Nevertheless, Nordea Markets remind readers that the Fed will still 'out hike' other central banks.
"The global economy continues to lose momentum, but central banks will concentrate on their efforts to rein in inflation. Long yields will rebound to higher levels, while the EUR/USD has more downside left," says von Gerich.
Economists at Nordea also believe "the US economy is much stronger than many seem to think".
Above: The case for a US recession still rather weak based on economic data" - Nordea.
As such they expect the Fed will deliver 50bp hikes in September and November, followed by 25bp in December.
The ECB is expected to hike by 50bp in September and October before moderating to a 25bp rate hike in December.
The U.S. 10-year Treasury yield is meanwhile expected to reach 4% next year, "while the German 10-year yield will have to settle for 2%".
"We are quite worried about the outlook especially for Europe, which could suffer much more from high energy prices and a shortage of natural gas and enter recession in the second half of the year," says von Genrich, adding:
"We do not think the US economy is on the brink of recession, but the very limited amount of spare capacity implies that growth will continue to slow."
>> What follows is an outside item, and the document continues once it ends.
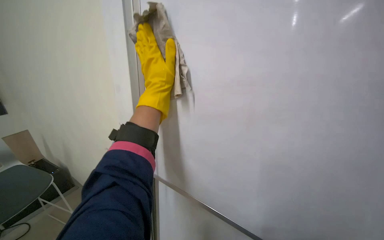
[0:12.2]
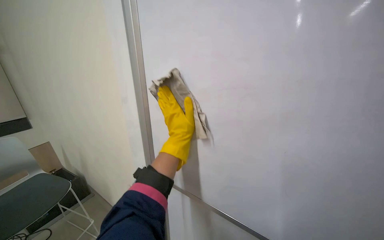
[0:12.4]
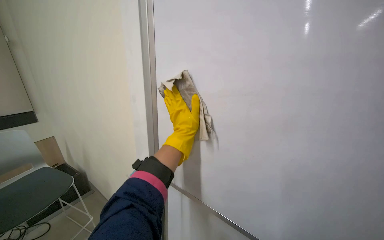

Above: "History suggests the EUR/USD could still fall further" - Nordea.
Furthermore, a litany of headaches could continue to keep markets nervous, creating the backdrop for further Dollar gains as investors seek out safety.
"It is clear that the global economy is losing momentum. Given the current headwinds, including little spare capacity, high energy prices and a war in Europe, continued Covid uncertainty and weakening real estate sector in China and elevated inflation, it is virtually unavoidable for the economy to survive unscathed. Further, amidst the current inflation problem, central banks are actively trying to hit the brakes in order to bring inflation down," says von Gerich.
EUR/USD is forecast by Nordea to fall below parity to bottom at around 0.97 at the turn of the year.
The GBP/USD exchange rate is meanwhile forecast to fall below 1.20 and end the year at 1.18.